--- Excerpted data Enclosed Below ---

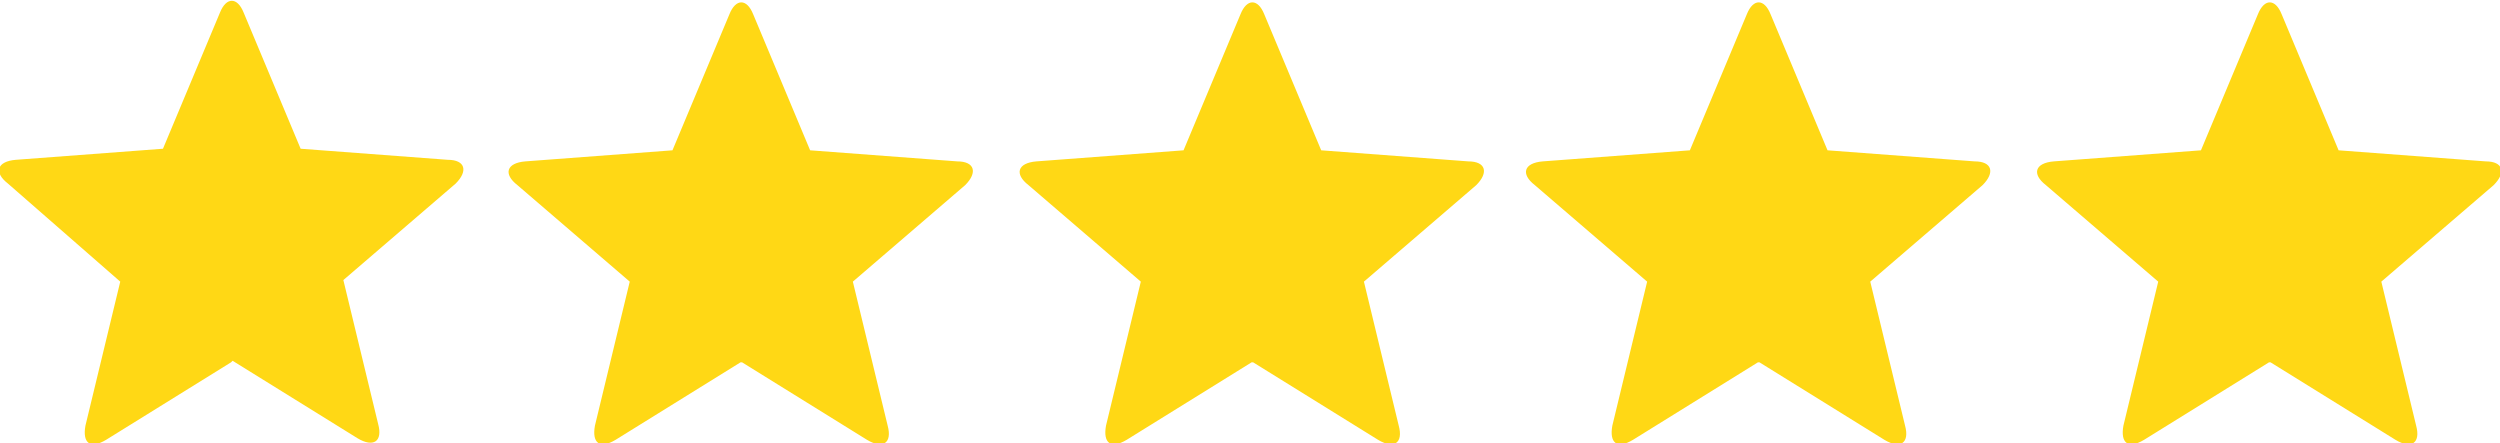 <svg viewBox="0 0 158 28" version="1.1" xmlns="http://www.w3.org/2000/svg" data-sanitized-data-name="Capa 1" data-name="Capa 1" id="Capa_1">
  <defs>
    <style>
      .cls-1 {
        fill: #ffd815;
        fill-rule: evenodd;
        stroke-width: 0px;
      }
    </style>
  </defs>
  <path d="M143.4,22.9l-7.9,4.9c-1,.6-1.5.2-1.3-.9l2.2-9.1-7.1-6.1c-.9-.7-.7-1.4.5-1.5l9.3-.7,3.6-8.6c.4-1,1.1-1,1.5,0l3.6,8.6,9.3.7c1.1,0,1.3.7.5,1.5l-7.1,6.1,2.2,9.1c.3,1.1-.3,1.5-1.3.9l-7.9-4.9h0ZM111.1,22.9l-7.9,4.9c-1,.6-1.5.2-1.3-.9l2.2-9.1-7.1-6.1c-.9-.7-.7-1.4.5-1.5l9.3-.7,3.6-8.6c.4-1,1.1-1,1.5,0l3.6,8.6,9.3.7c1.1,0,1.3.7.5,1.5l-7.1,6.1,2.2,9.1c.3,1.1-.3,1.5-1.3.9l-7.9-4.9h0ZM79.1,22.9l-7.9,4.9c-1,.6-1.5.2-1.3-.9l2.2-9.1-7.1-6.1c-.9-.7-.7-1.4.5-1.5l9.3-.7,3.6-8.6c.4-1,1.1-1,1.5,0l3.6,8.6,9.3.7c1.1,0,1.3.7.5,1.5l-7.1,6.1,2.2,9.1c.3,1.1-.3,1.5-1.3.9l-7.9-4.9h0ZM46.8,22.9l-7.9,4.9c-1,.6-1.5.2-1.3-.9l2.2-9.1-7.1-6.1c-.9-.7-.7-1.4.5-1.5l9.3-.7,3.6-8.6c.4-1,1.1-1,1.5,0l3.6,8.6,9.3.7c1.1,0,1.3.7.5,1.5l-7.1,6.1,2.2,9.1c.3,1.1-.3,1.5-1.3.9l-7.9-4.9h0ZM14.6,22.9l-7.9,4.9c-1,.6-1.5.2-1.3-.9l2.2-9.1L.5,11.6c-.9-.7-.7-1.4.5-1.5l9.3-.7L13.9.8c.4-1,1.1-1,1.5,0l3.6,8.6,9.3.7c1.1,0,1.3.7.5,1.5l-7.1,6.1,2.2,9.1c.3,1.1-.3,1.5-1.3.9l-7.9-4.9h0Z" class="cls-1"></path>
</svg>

--- End of Enclosed Excerpted data ---
--- Excerpted data Enclosed Below ---

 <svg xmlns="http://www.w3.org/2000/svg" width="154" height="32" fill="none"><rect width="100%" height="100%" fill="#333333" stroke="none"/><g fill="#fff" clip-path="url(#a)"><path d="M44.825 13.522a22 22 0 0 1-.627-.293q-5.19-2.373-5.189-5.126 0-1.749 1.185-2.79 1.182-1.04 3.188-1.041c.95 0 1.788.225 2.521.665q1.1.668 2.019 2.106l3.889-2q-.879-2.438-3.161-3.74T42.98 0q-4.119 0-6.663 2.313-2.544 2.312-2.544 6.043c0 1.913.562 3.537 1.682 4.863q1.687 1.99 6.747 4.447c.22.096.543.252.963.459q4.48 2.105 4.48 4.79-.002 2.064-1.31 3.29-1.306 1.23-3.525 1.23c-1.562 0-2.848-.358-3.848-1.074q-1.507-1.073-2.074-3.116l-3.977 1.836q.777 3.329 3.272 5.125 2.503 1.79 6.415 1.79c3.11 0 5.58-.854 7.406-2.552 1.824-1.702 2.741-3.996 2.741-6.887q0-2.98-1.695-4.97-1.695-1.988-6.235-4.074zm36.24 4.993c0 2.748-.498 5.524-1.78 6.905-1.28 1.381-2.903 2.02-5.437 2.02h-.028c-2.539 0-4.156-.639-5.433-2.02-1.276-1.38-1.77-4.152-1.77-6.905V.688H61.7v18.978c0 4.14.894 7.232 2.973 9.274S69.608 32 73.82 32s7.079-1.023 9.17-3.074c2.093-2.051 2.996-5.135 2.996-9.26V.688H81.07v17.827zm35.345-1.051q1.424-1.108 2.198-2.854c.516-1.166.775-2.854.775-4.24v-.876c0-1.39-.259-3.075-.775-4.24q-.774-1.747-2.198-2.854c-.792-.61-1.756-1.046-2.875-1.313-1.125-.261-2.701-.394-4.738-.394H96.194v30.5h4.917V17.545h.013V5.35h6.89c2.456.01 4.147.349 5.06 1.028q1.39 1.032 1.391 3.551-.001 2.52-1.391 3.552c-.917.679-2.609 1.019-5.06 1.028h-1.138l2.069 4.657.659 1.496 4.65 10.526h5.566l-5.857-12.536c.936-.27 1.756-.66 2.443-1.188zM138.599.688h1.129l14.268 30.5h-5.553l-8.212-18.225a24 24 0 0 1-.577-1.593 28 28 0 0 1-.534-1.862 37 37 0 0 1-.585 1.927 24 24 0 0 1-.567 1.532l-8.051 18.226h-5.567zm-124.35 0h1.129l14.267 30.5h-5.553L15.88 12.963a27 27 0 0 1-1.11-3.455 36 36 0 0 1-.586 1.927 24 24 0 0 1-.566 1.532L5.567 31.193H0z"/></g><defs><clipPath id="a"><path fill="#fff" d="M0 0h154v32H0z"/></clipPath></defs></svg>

--- End of Enclosed Excerpted data ---

### Work task
Return each line from the data where the string "fill" can be found.

### Result
        fill: #ffd815;
        fill-rule: evenodd;
 <svg xmlns="http://www.w3.org/2000/svg" width="154" height="32" fill="none"><rect width="100%" height="100%" fill="#333333" stroke="none"/><g fill="#fff" clip-path="url(#a)"><path d="M44.825 13.522a22 22 0 0 1-.627-.293q-5.19-2.373-5.189-5.126 0-1.749 1.185-2.79 1.182-1.04 3.188-1.041c.95 0 1.788.225 2.521.665q1.1.668 2.019 2.106l3.889-2q-.879-2.438-3.161-3.74T42.98 0q-4.119 0-6.663 2.313-2.544 2.312-2.544 6.043c0 1.913.562 3.537 1.682 4.863q1.687 1.99 6.747 4.447c.22.096.543.252.963.459q4.48 2.105 4.48 4.79-.002 2.064-1.31 3.29-1.306 1.23-3.525 1.23c-1.562 0-2.848-.358-3.848-1.074q-1.507-1.073-2.074-3.116l-3.977 1.836q.777 3.329 3.272 5.125 2.503 1.79 6.415 1.79c3.11 0 5.58-.854 7.406-2.552 1.824-1.702 2.741-3.996 2.741-6.887q0-2.98-1.695-4.97-1.695-1.988-6.235-4.074zm36.24 4.993c0 2.748-.498 5.524-1.78 6.905-1.28 1.381-2.903 2.02-5.437 2.02h-.028c-2.539 0-4.156-.639-5.433-2.02-1.276-1.38-1.77-4.152-1.77-6.905V.688H61.7v18.978c0 4.14.894 7.232 2.973 9.274S69.608 32 73.82 32s7.079-1.023 9.17-3.074c2.093-2.051 2.996-5.135 2.996-9.26V.688H81.07v17.827zm35.345-1.051q1.424-1.108 2.198-2.854c.516-1.166.775-2.854.775-4.24v-.876c0-1.39-.259-3.075-.775-4.24q-.774-1.747-2.198-2.854c-.792-.61-1.756-1.046-2.875-1.313-1.125-.261-2.701-.394-4.738-.394H96.194v30.5h4.917V17.545h.013V5.35h6.89c2.456.01 4.147.349 5.06 1.028q1.39 1.032 1.391 3.551-.001 2.52-1.391 3.552c-.917.679-2.609 1.019-5.06 1.028h-1.138l2.069 4.657.659 1.496 4.65 10.526h5.566l-5.857-12.536c.936-.27 1.756-.66 2.443-1.188zM138.599.688h1.129l14.268 30.5h-5.553l-8.212-18.225a24 24 0 0 1-.577-1.593 28 28 0 0 1-.534-1.862 37 37 0 0 1-.585 1.927 24 24 0 0 1-.567 1.532l-8.051 18.226h-5.567zm-124.35 0h1.129l14.267 30.5h-5.553L15.88 12.963a27 27 0 0 1-1.11-3.455 36 36 0 0 1-.586 1.927 24 24 0 0 1-.566 1.532L5.567 31.193H0z"/></g><defs><clipPath id="a"><path fill="#fff" d="M0 0h154v32H0z"/></clipPath></defs></svg>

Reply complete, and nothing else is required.